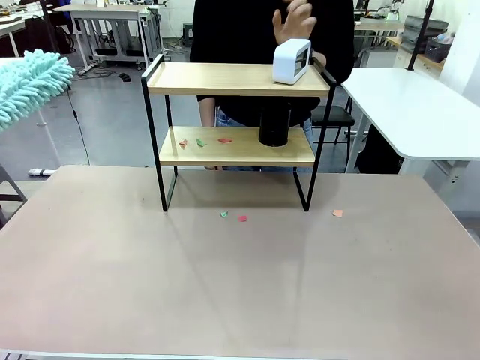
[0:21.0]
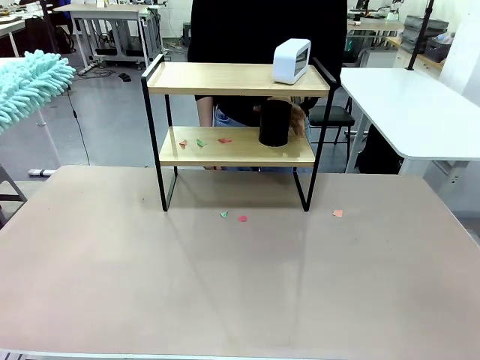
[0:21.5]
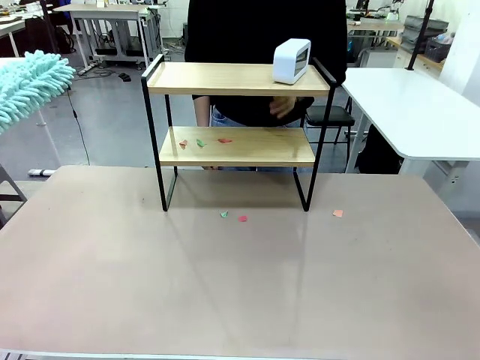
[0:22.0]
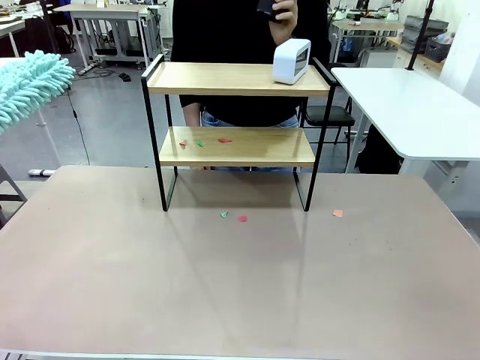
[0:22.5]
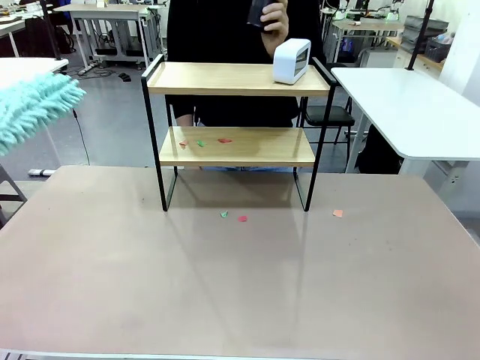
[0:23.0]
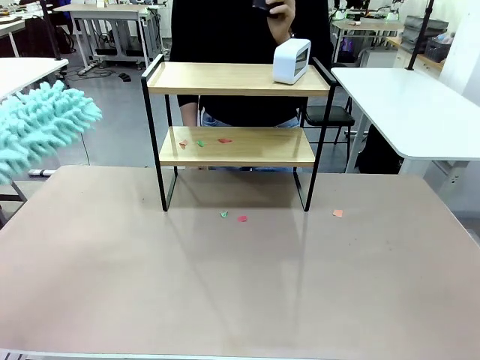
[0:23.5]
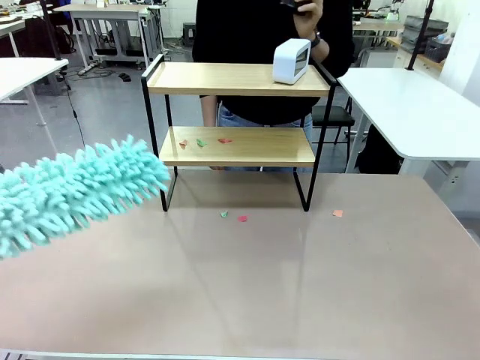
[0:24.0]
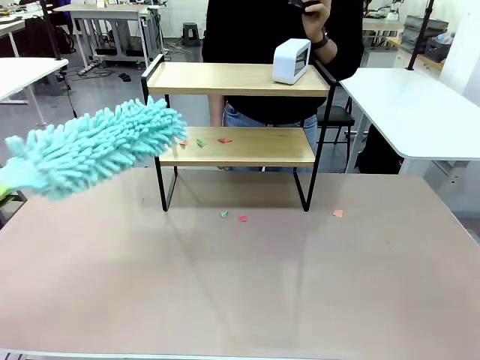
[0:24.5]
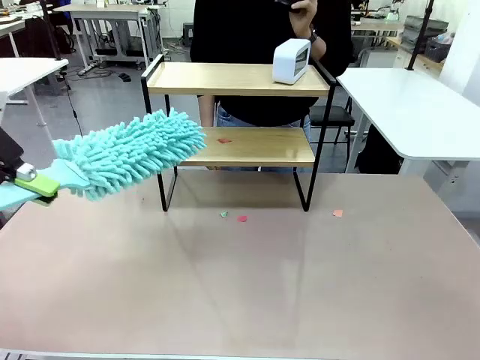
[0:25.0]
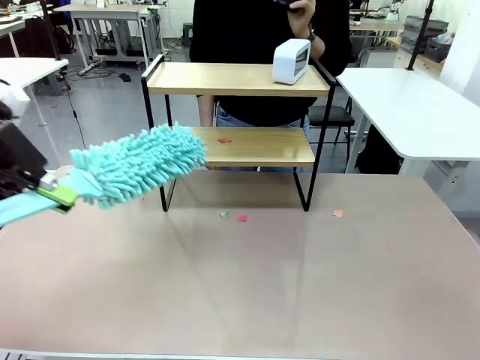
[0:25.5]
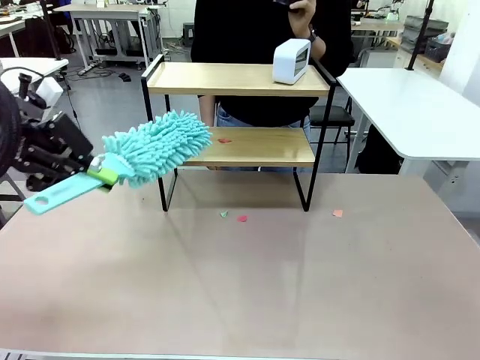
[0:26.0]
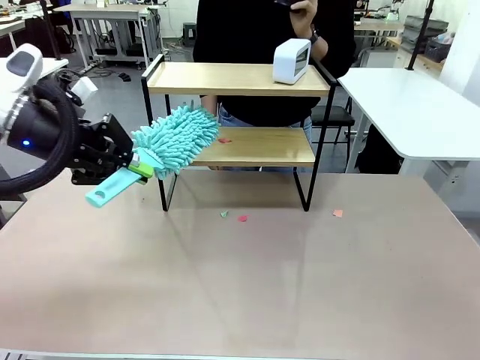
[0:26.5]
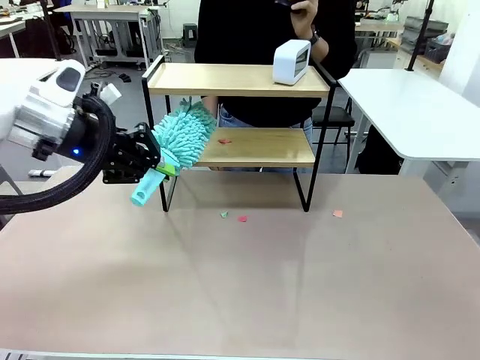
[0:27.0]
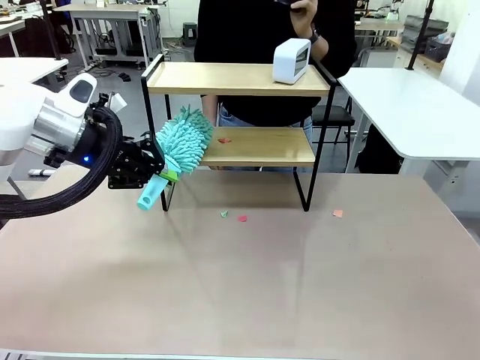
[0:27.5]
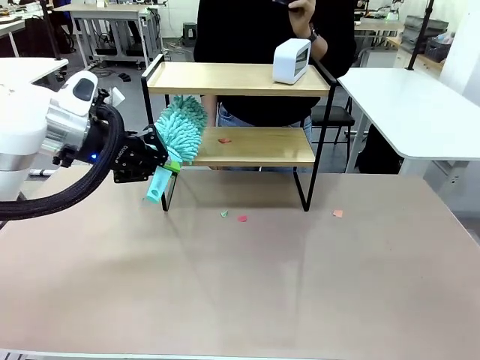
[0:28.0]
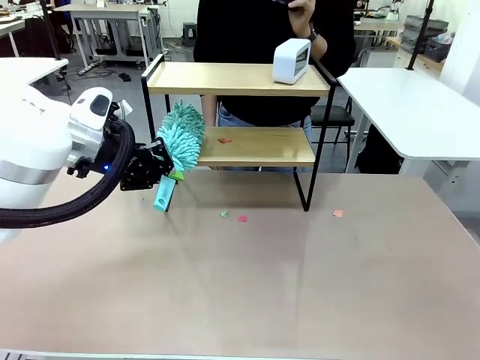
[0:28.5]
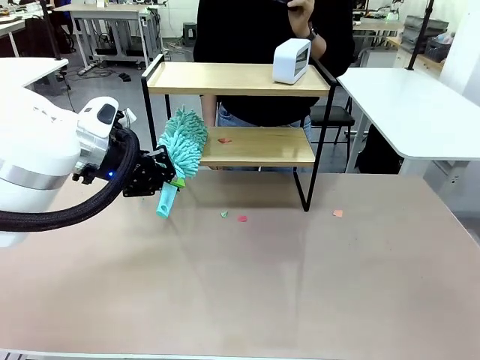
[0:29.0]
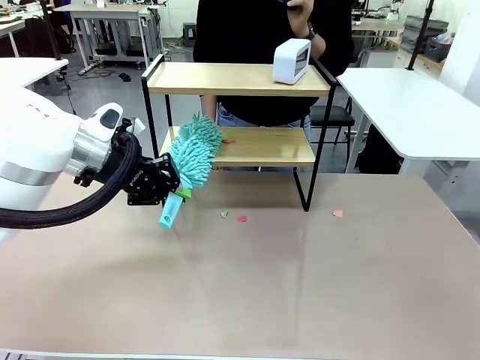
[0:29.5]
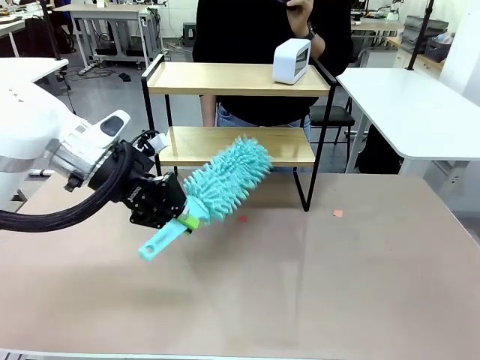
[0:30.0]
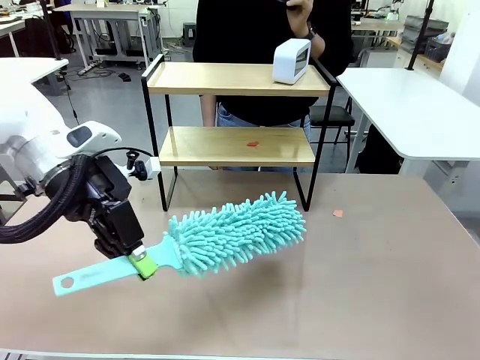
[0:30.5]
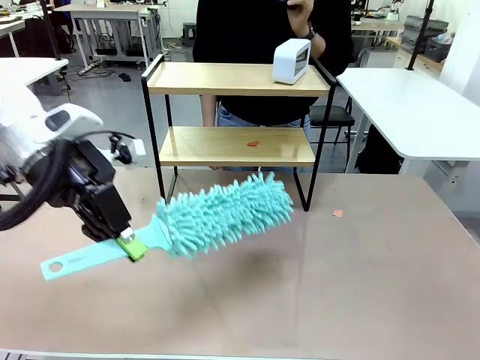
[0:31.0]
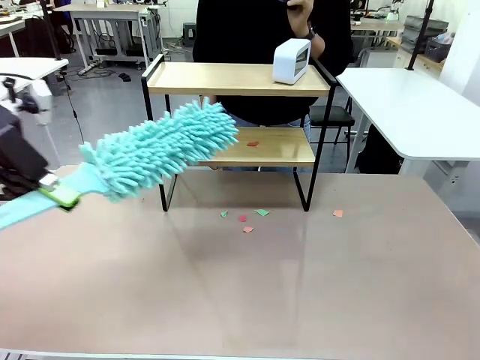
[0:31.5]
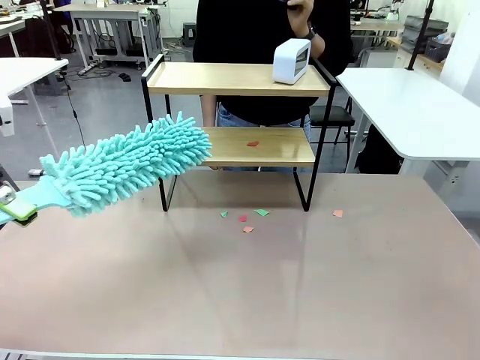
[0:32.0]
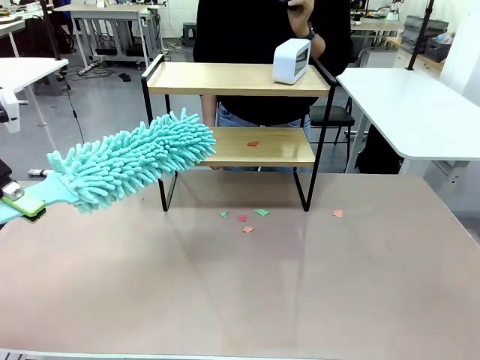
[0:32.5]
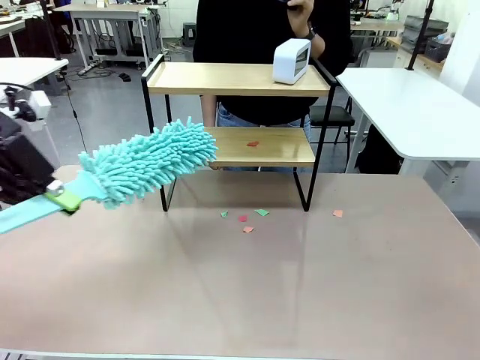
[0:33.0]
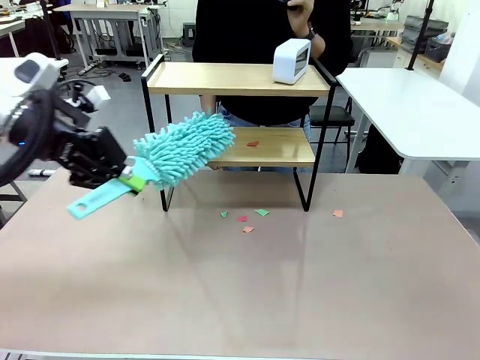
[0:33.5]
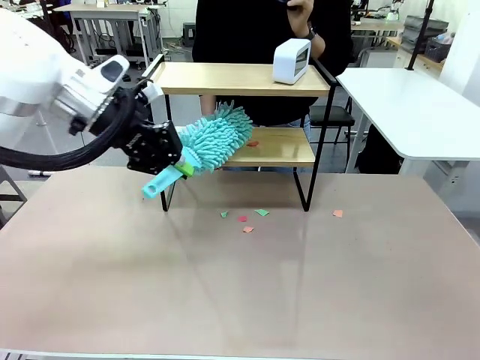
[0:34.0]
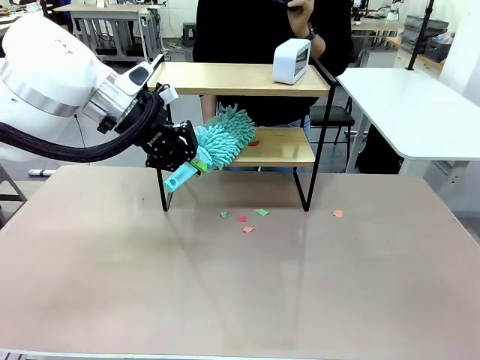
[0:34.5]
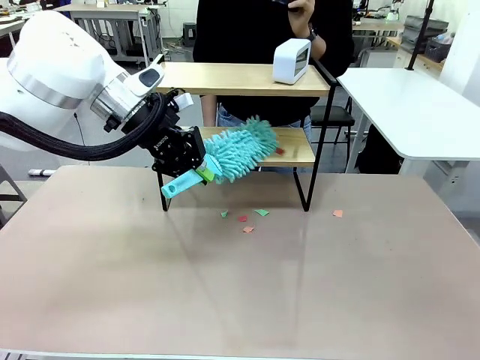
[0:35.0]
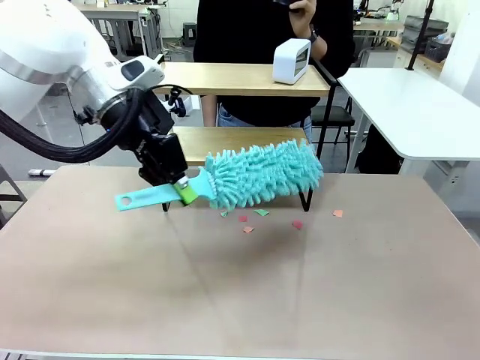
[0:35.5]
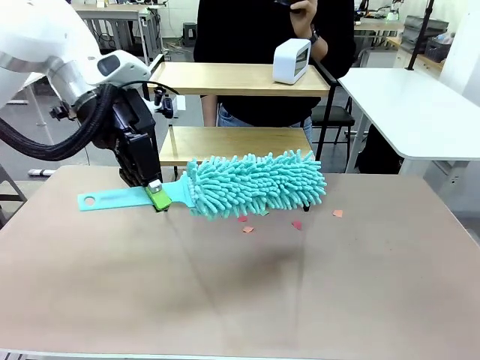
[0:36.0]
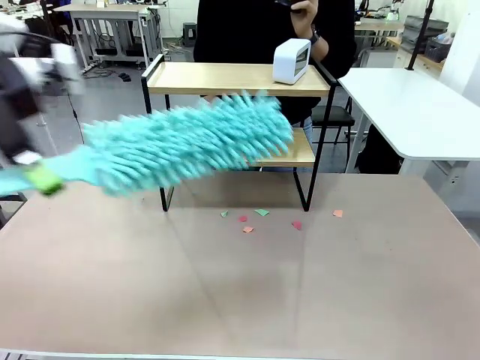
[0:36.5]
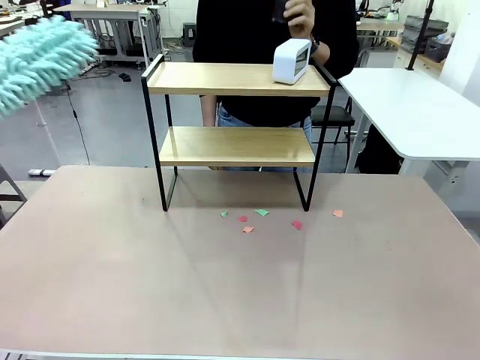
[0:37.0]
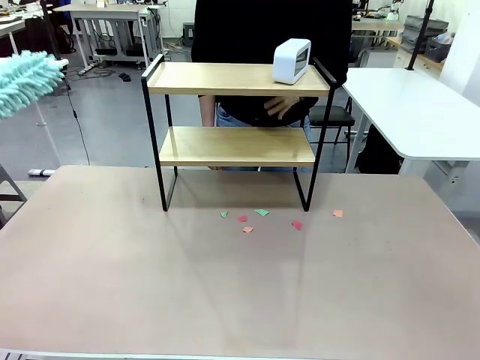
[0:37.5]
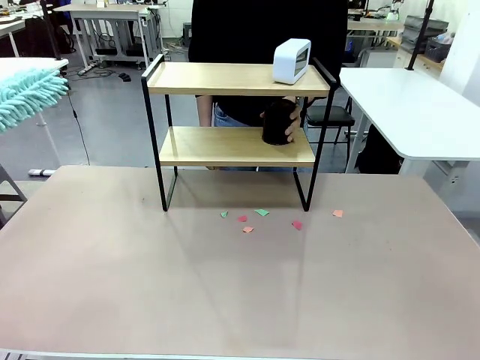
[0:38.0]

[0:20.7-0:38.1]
Task: Clean the shelf.
Robot: Clean the remaining tier of the Shelf with the Duster once objects are removed.
Person: Receive the Duster from the robot.

◇ ◇ ◇

> _Exercise aim_: From the first line to the last, set down the records above exactly and skip the pictures.

> _Answer section_:
[0:21.0]
[0:21.5]
[0:22.0]
[0:22.5]
[0:23.0]
[0:23.5]
[0:24.0]
[0:24.5]
[0:25.0]
[0:25.5]
[0:26.0]
[0:26.5]
[0:27.0]
[0:27.5]
[0:28.0]
[0:28.5]
[0:29.0]
[0:29.5]
[0:30.0]
[0:30.5]
[0:31.0]
[0:31.5]
[0:32.0]
[0:32.5]
[0:33.0]
[0:33.5]
[0:34.0]
[0:34.5]
[0:35.0]
[0:35.5]
[0:36.0]
[0:36.5]
[0:37.0]
[0:37.5]
[0:38.0]

[0:20.7-0:38.1]
Task: Clean the shelf.
Robot: Clean the remaining tier of the Shelf with the Duster once objects are removed.
Person: Receive the Duster from the robot.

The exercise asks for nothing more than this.